FORT WORTH, Texas – Deadlocked.
Through seven rounds of the Chase for the NASCAR Sprint Cup, two heavyweights have battled to a draw. Matt Kenseth and Jimmie Johnson boast identical point totals – 2,294 – entering Sunday’s AAA Texas 500 at Texas Motor Speedway.
Everything may be bigger in Texas – and nothing is bigger right now than this season’s championship slugfest.
A shared points lead with three races remaining is unprecedented, in Chase for NASCAR Sprint Cup history or since 1975, when the current points structure was implemented. In 1996, Jeff Gordon led Terry Labonte by a single point. A year ago, Johnson held a two-point lead over champion-to-be Brad Keselowski.
Kenseth has one current advantage – the tie-breaker, based upon seven victories to his rival’s five. The rule has been invoked just once to settle a NASCAR Sprint Cup championship. Tony Stewart and Carl Edwards ended the 2011 season tied in points. Stewart claimed his third title with five wins to Edwards’ one.
The points leader entering the season’s final three races won the championship in five of the Chase’s first seven seasons. But in each of the last two, that changed. Stewart overhauled Edwards in 2011; and Keselowski overcame Johnson’s advantage a year ago.
Kenseth and Johnson enjoy similar success at the 1.5-mile Texas Motor Speedway. Each has won twice although Johnson’s victories – in 2007 and a year ago – came in the track’s Chase race.

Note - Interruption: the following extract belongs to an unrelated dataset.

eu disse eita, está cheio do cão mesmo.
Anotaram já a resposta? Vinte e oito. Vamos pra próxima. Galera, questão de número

The five-time champion’s first victory, in which Johnson and Kenseth traded the lead three times over the race’s final seven laps, might be seen as a preview of Sunday’s race. Johnson won by .944 second.
“Both of us (were) sideways and just driving the wheels off the cars,” Johnson said recently recalling the battle. “From my standpoint I think it was an amazing race.”
Kenseth’s average finish at Texas Motor Speedway is 8.5. Johnson is close at 9.1. Kenseth owns the track’s best Driver Rating of 106.5. Johnson is second at 103.3. The edge goes to Kenseth in laps led – 772 to Johnson’s 443.
The most glaring difference – at least in 2013, the first season for the NASCAR Sprint Cup Series’ Gen-6 car – is in 1.5-mile track performance. Four of Kenseth’s seven wins have come on such tracks. His Joe Gibbs Racing teammate, Kyle Busch, won April’s Texas race from the Coors Light Pole. Johnson has been shut out on the 1.5s – as have his Hendrick Motorsports partners Gordon, Dale Earnhardt Jr. and Kasey Kahne.
Johnson finished sixth at Texas in April while Kenseth was 12th. Neither led a lap.
“We can race anybody head to head for it. I feel good about that,” said Kenseth of the remaining three races. “You never know what’s going to happen but I feel like we’re certainly capable.”
In Texas, the championship runner-up actually has performed better than the champion. In eight races – the track joined the Chase in 2005 – the second-place driver has won three times with five finishes among the top five and six in the top 10. That compares with the champion’s two wins, four top fives and six top 10s. While Texas competition has changed the points lead three times, only one of those leaders – Johnson in 2010 – went on to take the championship.